Finally, as this Court recently reaffirmed in Hicks, 533 U.S. at 365-366, a State has authority to prosecute tribal members for violations of its criminal laws off the reservation. See United States v. Antelope, 430 U.S. 641, 647 n.7 (1977); Puyallup Tribe v. Department of Game, 391 U.S. 392, 397 n.11 (1968). The parties in this case appear to agree that the alleged welfare fraud that petitioners were investigating in this case is properly categorized as an off-reservation crime. In pursuing welfare fraud, a State (or a Tribe) not only enforces its own laws, but also carries out the mandates of the United States.9 The question here is the scope of the State's authority on the reservation in connection with the investigation and prosecution of such a crime that occurs off the reservation.

B. State Law-Enforcement Officers, When Investigating And Prosecuting Crimes Within Their Jurisdiction, Generally May Enter A Reservation To Execute State Process, But May Not Do So Against The Tribe Itself

1. In Hicks, the Court held that a Tribe did not have the authority to regulate state law-enforcement officers who were executing a search warrant in the course of investigating a crime allegedly committed by an individual tribal member outside the Tribe's reservation. That conduct by state officers in Hicks took place on the allotted land of the tribal member within the reservation. 533 U.S. at 371. The Court quoted the statement in Utah & Northern Railway v. Fisher, 116 U.S. 28, 31 (1885), that "[i]t has . . . been held that process of [state] courts may run into an Indian reservation of this kind"-i.e., one that has not been excluded from the territory of a State, see 533 U.S. at 363 n.5-"where the subject matter or controversy is otherwise within their cognizance." Id. at 363. The Court also relied on a similar reference in United States v. Kagama, 118 U.S. 375 (1886), in which it upheld the constitutionality of the Major Crimes Act (which provides federal jurisdiction over enumerated crimes between Indians in Indian country) as an exercise of Congress's power to effectuate its undertaking to protect the Indian Tribes, often specifically as against the States, because the Tribes had become dependent on the United States through a long course of dealing. See id. at 383-385. In doing so, the Court in Kagama stressed that the law "does not interfere with the process of the State courts within the reservation." Hicks, 533 U.S. at 363 (quoting 118 U.S. at 383). These statements in Utah & Northern and Kagama, the Court noted in Hicks, "suggest state authority to issue search warrants in cases such as this"-that is, cases involving search warrants directed at the property of an individual Indian in connection with the investigation of a crime that he allegedly committed outside the reservation. The Court did not suggest that either Utah & Northern or Kagama would support the issuance of state process running against the Tribe itself or calling for the seizure of property belonging to the Tribe.

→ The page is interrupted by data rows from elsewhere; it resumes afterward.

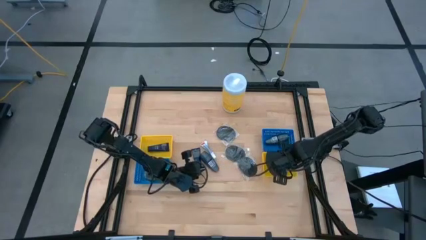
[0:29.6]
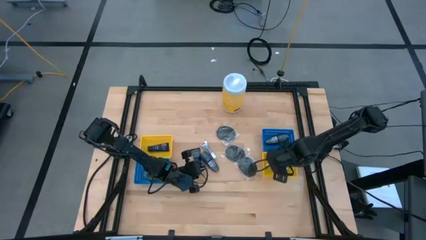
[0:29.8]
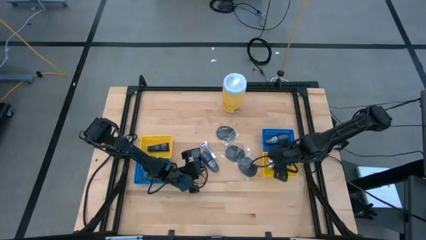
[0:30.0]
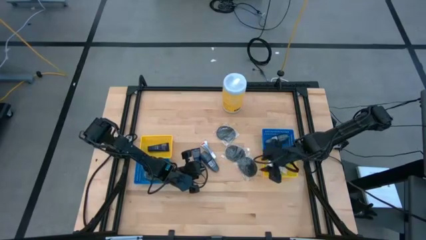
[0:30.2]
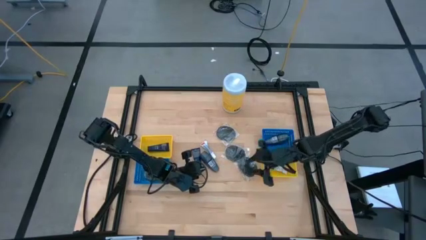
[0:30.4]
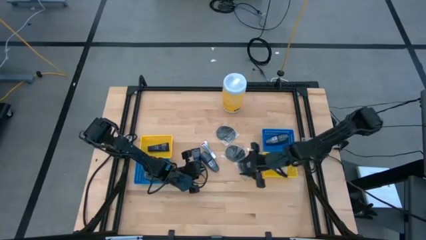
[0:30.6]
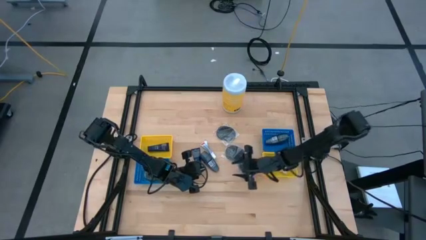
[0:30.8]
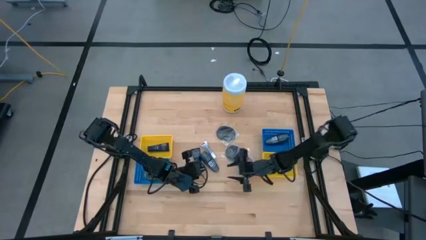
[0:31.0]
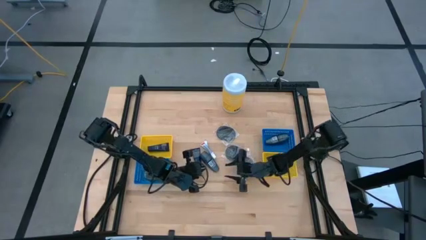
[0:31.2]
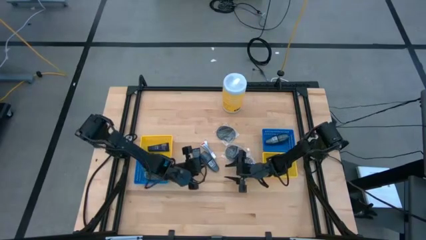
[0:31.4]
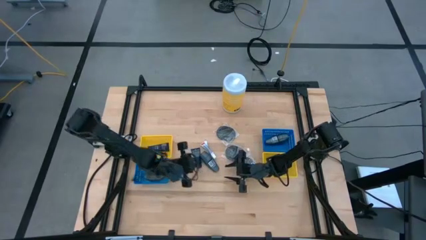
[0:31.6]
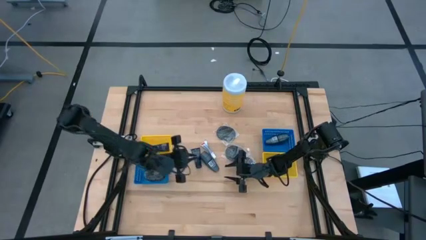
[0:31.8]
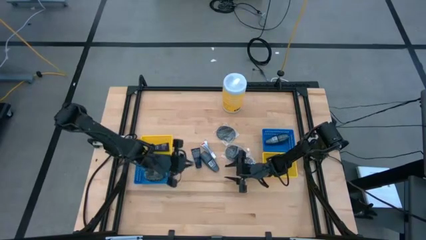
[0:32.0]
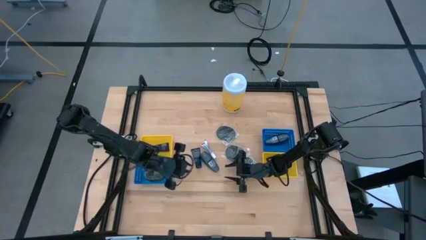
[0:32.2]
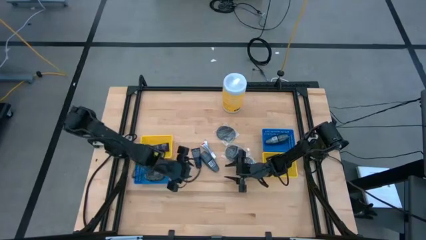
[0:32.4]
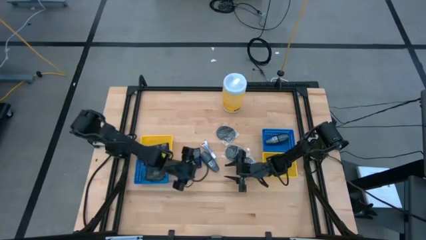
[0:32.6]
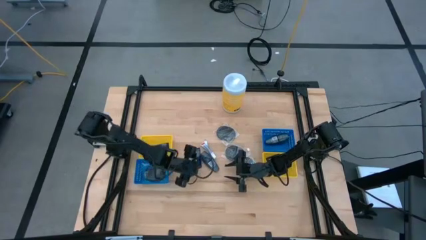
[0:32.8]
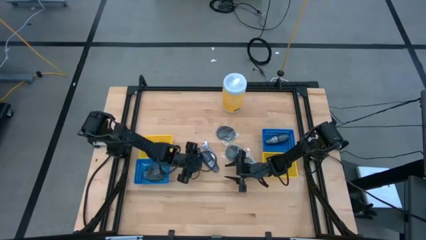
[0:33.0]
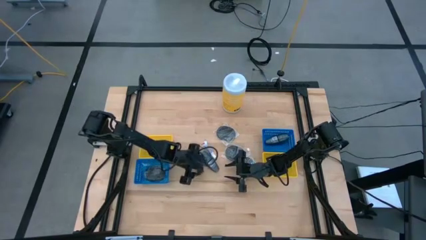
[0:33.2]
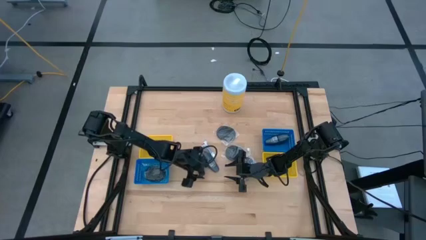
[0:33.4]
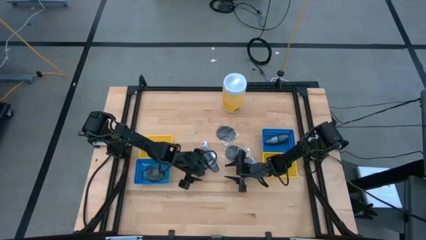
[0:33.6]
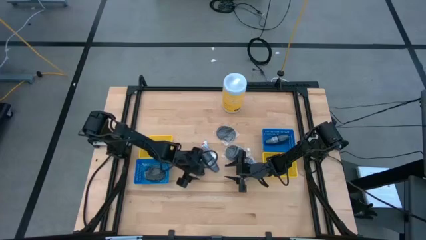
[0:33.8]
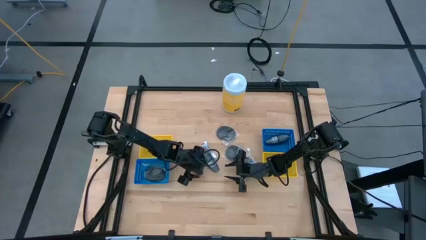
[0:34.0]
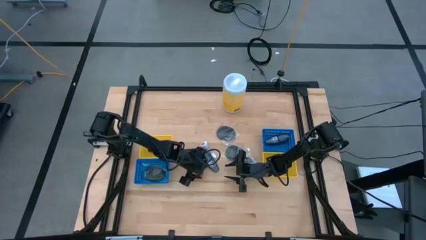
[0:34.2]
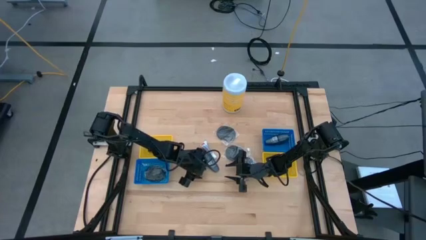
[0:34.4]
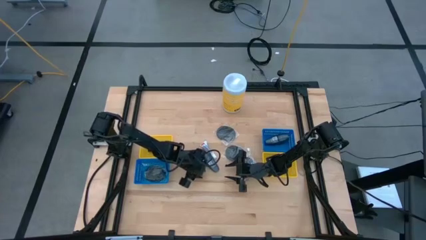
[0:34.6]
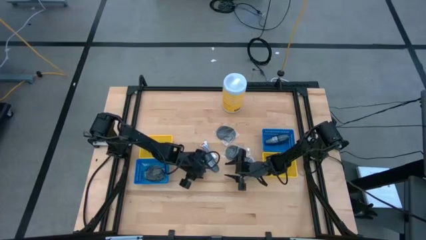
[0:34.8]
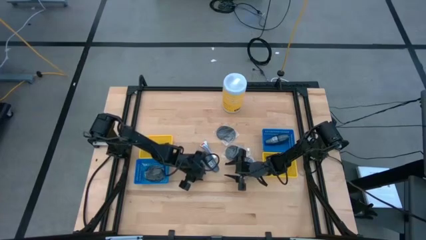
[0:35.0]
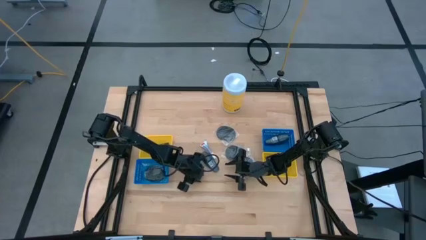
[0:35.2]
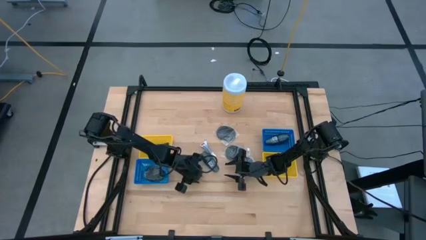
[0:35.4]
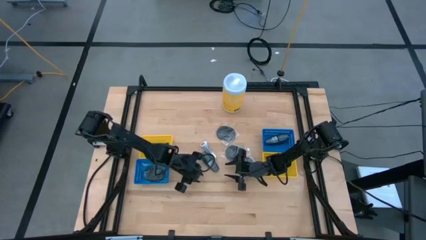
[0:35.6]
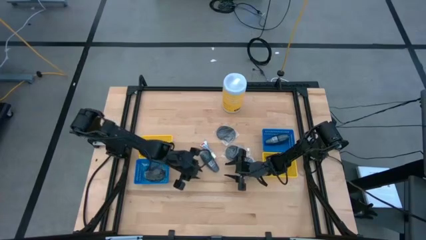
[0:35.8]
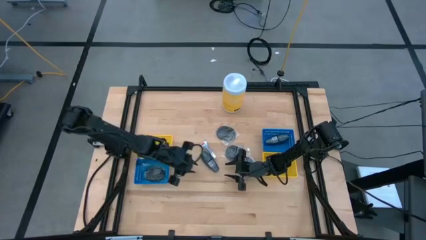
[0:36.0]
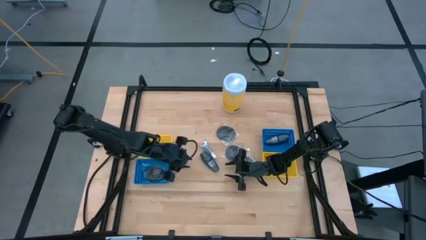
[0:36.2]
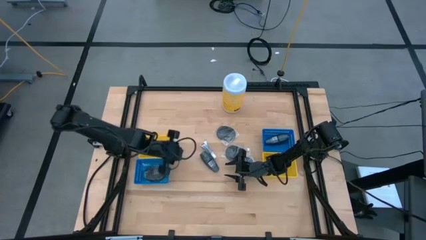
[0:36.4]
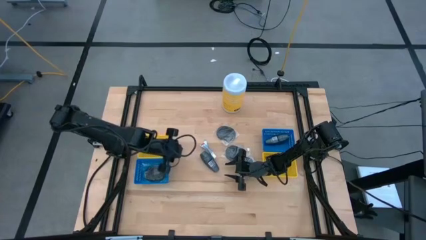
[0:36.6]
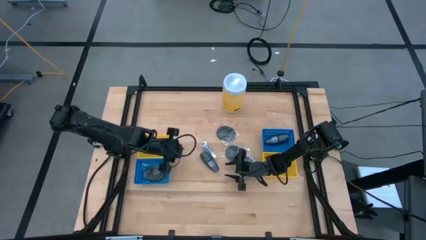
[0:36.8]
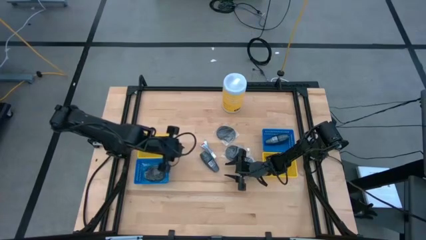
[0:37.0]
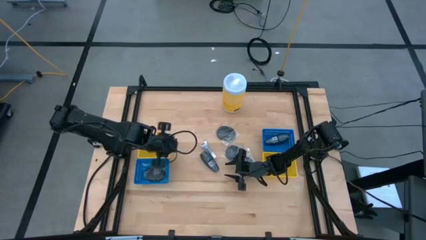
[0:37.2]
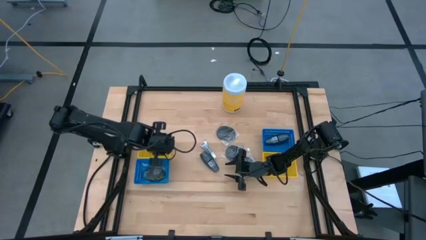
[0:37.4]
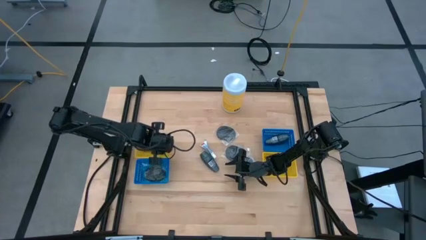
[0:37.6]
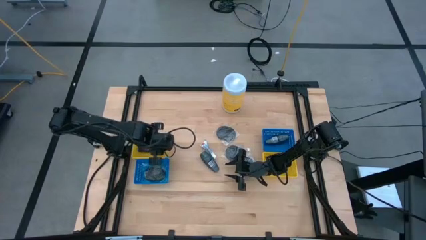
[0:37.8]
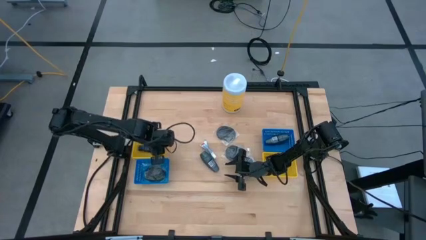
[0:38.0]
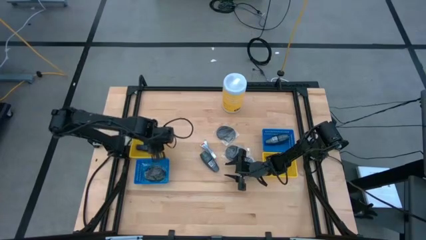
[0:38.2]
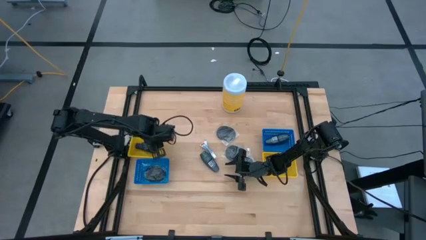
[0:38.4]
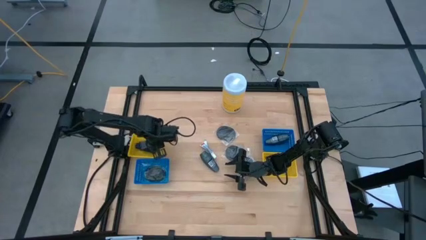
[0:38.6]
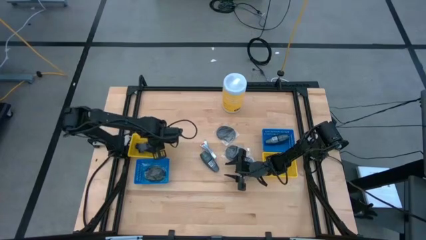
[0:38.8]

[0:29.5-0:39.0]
Task: Pick & Place Travel size toiletries
Put the blue shave cream into the left yellow bin

Indeed, in Utah & Northern, the Court stated, in the sentence preceding the one quoted above referring to the process of state courts, that "[t]he authority of the territory may rightfully extend to all matters not interfering with [the] protection" afforded by the Treaty with the Shoshone Indians. 116 U.S. at 31. One important purpose of any treaty or statute setting aside a reservation for an Indian Tribe is to afford it a territory within which the Tribe itself can be autonomous and protected from state interference. Kagama, 118 U.S. at 384; Merrion v. Jicarilla Apache Tribe, 455 U.S. 130, 140 (1982) (quoting S. Rep. No. 698, 45th Cong., 3d Sess. 1-2 (1879)); see also McClanahan v. Ariziona State Tax Comm'n, 411 U.S. 164, 171-175 (1973); Montana v. Blackfeet Tribe, 471 U.S. 759, 764-765 (1985).

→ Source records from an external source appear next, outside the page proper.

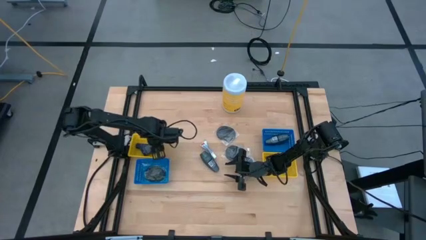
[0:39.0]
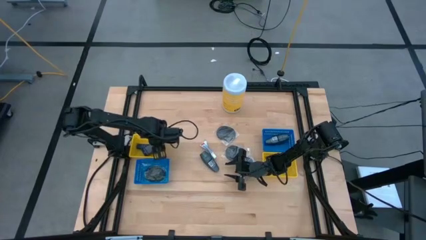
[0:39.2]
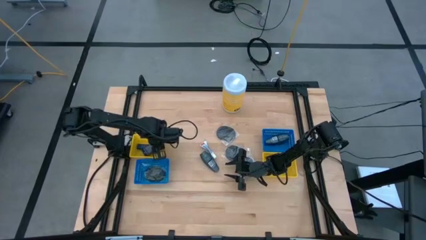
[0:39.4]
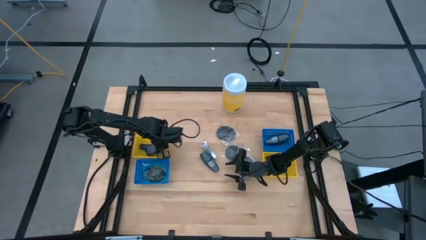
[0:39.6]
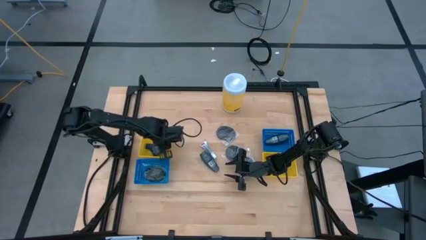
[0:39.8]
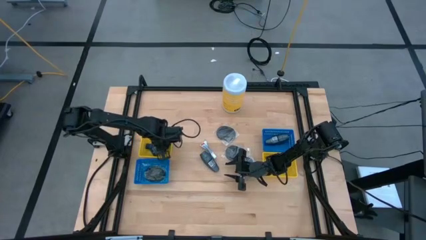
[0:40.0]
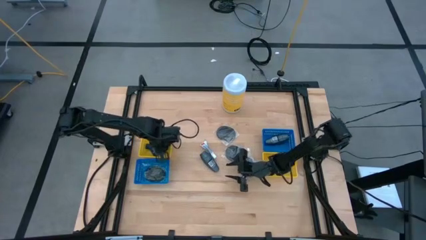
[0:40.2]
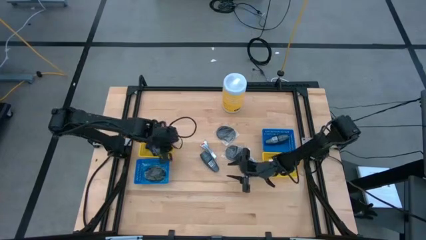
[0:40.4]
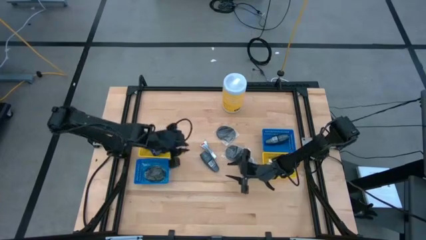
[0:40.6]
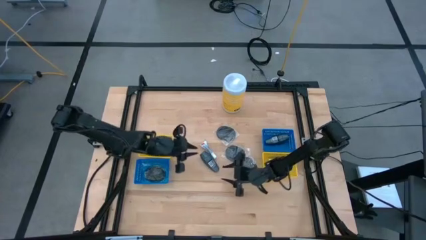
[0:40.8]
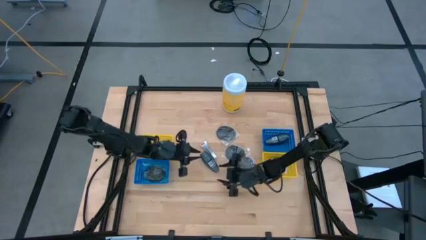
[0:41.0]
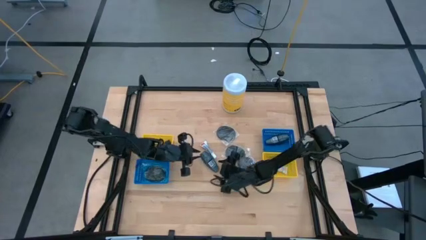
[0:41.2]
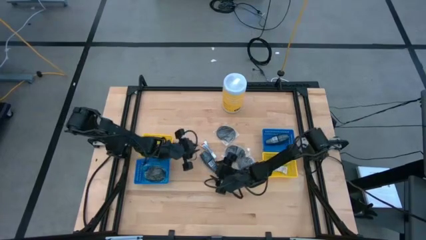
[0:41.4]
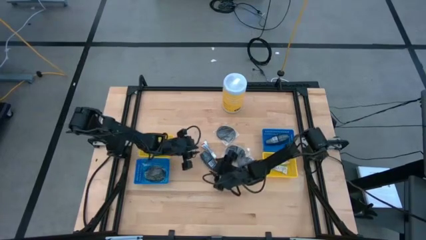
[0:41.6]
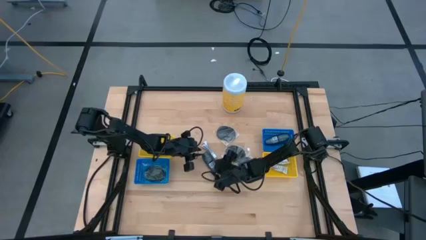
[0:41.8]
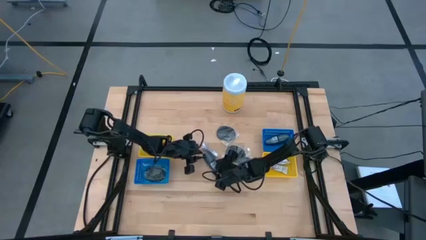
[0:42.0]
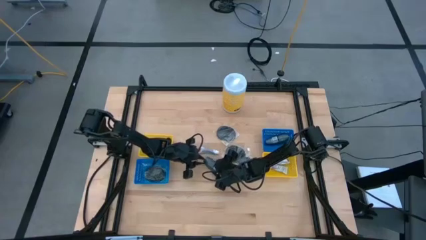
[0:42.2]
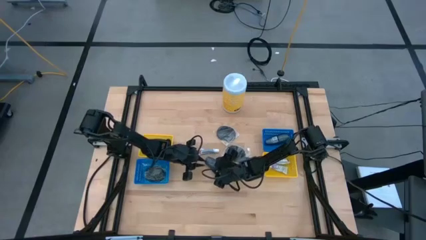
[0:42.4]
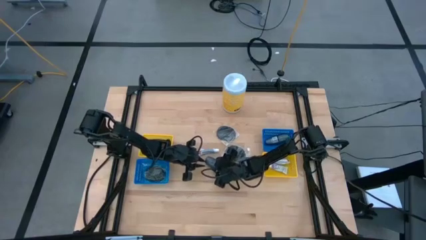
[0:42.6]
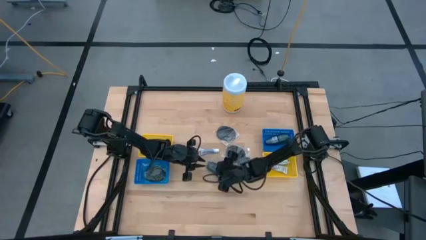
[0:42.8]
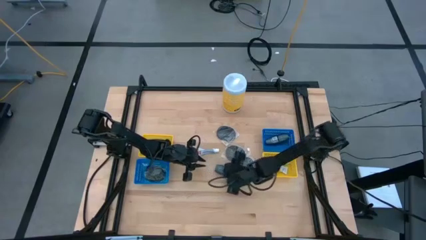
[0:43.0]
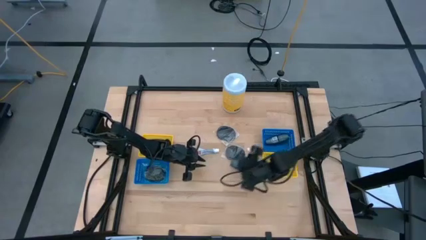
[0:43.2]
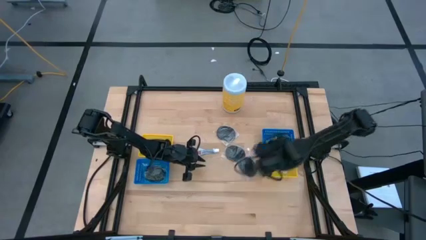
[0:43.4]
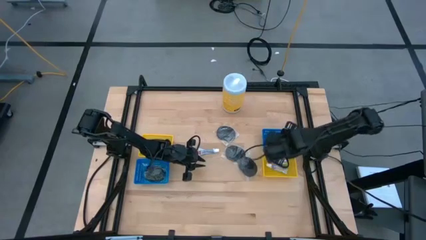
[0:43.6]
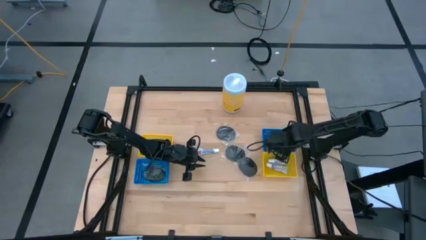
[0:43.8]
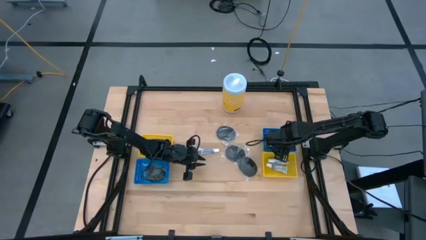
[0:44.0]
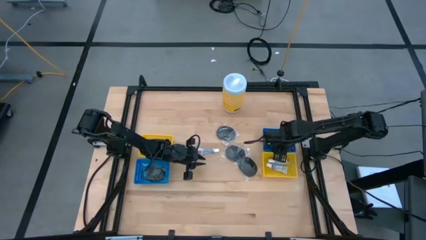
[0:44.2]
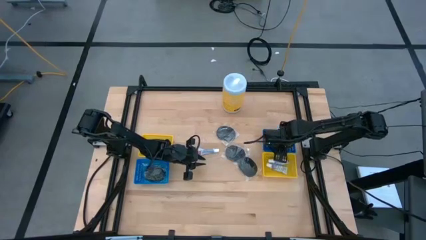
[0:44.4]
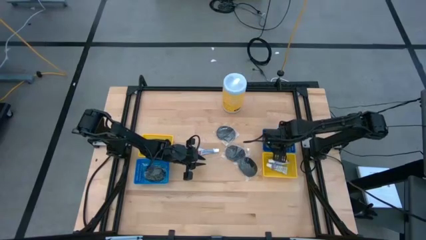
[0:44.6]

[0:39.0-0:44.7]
Put the black deodorant into the right blue bin

2. Furthermore, the Court in Hicks noted that the word "process," which was used in both Utah & Northern and Kagama, is defined as "'any means used by a court to acquire or exercise its jurisdiction over a person or over specific property,' Black's Law Dictionary 1084 (5th ed. 1979), and is equated in criminal cases with a warrant, id. at 1085." 533 U.S. at 364. That understanding of "process" does not support the issuance of a warrant or other state-court process running against the Tribe itself or calling for the seizure of property owned by the Tribe. It has long been recognized that an Indian Tribe is immune from suit in any court, including state court, unless Congress has authorized such a suit or the Tribe has waived its immunity. See C & L Enters. v. Potawatomi Indian Tribe, 532 U.S. 411, 414 (2001); Kiowa Tribe of Oklahoma v. Manufacturing Techs., Inc., 523 U.S. 751 (1998); Three Affiliated Tribes, supra; Santa Clara Pueblo v. Martinez, 436 U.S. 49, 58 (1978). That immunity extends to attachment of the property of a Tribe as well. See Lineen v. Gila River Indian Cmty., 276 F.3d 489, 492 (9th Cir. 2002); Maryland Casualty Co. v. Citizens Nat'l Bank, 361 F.2d 517 (5th Cir. 1961). Accordingly, a general rule that state process may be served or executed on an Indian reservation does not mean that a state court may obtain jurisdiction over the Tribe itself, either in a civil suit naming the Tribe as a defendant or in a criminal prosecution of the Tribe, for "it is settled that a state court may not exercise jurisdiction over a recognized Indian tribe." Puyallup Tribe, Inc. v. Department of Game, 433 U.S. 165, 172 (1977). Nor, for the same reasons, may a state court obtain jurisdiction, through attachment or seizure, over the property of a Tribe within a reservation. Such property, like the Tribe itself, is immune from attachment or other judicial process, such as a search warrant, issued by a state court.10

3. This conclusion is supported by the Court's reliance in Hicks on the parallel context of federal enclaves, in which, the Court noted, "the reservation of state authority to serve process is necessary to 'prevent [such areas] from becoming an asylum for fugitives from justice.'" 533 U.S. at 364 (quoting Fort Leavenworth R.R. v. Lowe, 114 U.S. 525, 533 (1885)). Accordingly, under provisions allowing service of state process on federal enclaves, civil process may be served on an individual in a suit arising out of conduct that occurred outside the federal enclave, Ohio River Contract Co. v. Gordon, 244 U.S. 68 (1917); a state court may issue a warrant for the arrest of an individual charged with a crime outside the enclave, 2 Jurisdiction Over Federal Areas Within the States: Report of the Interdepartmental Comm. for the Study of Jurisdiction Over Federal Areas Within the States 121 (1957) (Report),11 and personal property situated on the federal enclave but belonging to a private party may be subject to a writ of attachment issued by a state court, see 14 Op. Att'y Gen. 426 (1874). Morever, the rationale of Hicks presumably would permit the issuance of a warrant calling for the seizure within the enclave of contraband or other personal property of an individual suspected of having committed a crime outside the enclave.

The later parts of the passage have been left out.